My teacher in an upper level java class on threading said something that I wasn't sure of.
我的老师在一个关于线程的上层java课上说了一些我不确定的东西。
He stated that the following code would not necessarily update the ready variable. According to him, the two threads don't necessarily share the static variable, specifically in the case when each thread (main thread versus ReaderThread) is running on its own processor and therefore doesn't share the same registers/cache/etc and one CPU won't update the other.
他表示以下代码不一定会更新就绪变量。根据他的说法,两个线程不一定共享静态变量,特别是在每个线程(主线程与ReaderThread)在其自己的处理器上运行并因此不共享相同的寄存器/缓存/等的情况下CPU不会更新另一个。
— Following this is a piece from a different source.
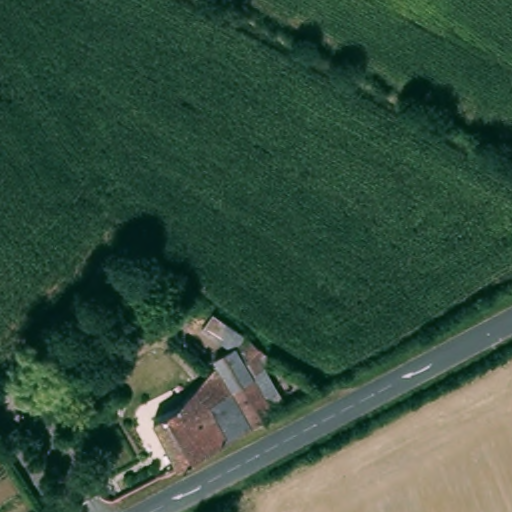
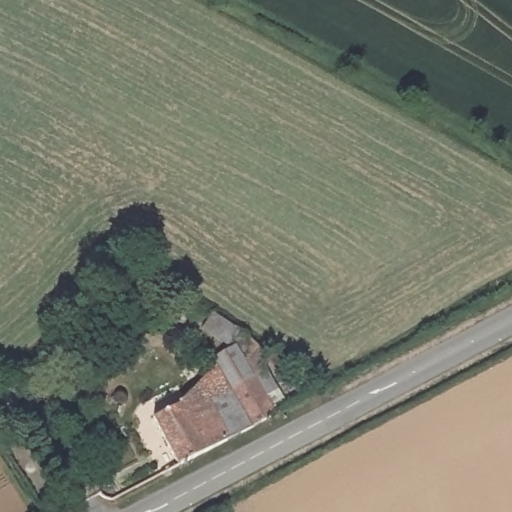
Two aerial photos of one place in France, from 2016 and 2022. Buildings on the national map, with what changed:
unchanged [(180,462),(154,415),(178,403),(220,363),(250,331),(273,352),(266,360),(280,382),(266,391),(279,409),(180,462)]

Essentially, he said it is possible that ready is updated in the main thread, but NOT in the ReaderThread, so that ReaderThread will loop infinitely. He also claimed it was possible for the program to print '0' or '42'. I understand how '42' could be printed, but not '0'. He mentioned this would be the case when the number variable is set to the default value.
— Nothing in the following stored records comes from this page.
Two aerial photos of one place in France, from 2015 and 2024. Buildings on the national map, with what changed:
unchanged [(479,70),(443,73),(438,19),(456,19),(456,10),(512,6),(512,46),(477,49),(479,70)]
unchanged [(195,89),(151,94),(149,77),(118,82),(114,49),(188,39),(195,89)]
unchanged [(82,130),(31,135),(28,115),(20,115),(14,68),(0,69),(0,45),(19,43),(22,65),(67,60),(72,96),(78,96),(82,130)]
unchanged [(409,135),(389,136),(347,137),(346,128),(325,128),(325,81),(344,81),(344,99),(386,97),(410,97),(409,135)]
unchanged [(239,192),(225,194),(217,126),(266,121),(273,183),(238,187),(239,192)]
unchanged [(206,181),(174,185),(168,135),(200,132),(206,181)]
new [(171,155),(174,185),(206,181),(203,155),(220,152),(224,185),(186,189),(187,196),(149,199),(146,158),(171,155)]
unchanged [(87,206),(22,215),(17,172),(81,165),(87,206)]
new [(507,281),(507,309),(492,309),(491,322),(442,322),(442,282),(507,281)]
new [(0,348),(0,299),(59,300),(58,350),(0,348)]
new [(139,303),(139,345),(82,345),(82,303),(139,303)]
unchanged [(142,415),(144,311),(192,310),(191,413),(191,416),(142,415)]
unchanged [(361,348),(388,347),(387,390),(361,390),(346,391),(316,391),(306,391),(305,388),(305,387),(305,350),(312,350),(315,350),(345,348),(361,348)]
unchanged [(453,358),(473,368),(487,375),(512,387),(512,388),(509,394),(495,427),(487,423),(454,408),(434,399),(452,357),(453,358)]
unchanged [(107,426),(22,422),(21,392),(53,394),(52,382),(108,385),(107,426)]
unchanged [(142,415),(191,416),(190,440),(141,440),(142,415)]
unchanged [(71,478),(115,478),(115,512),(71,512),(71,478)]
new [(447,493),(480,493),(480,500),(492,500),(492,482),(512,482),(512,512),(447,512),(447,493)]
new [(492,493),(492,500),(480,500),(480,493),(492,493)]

本质上,他说有可能在主线程中更新ready,但不是在ReaderThread中,因此ReaderThread将无限循环。他还声称该程序可以打印'0'或'42'。我知道如何打印'42',但不能打印'0'。他提到当数字变量设置为默认值时会出现这种情况。
I thought perhaps it is not guaranteed that the static variable is updated between the threads, but this strikes me as very odd for Java. Does making ready volatile correct this problem?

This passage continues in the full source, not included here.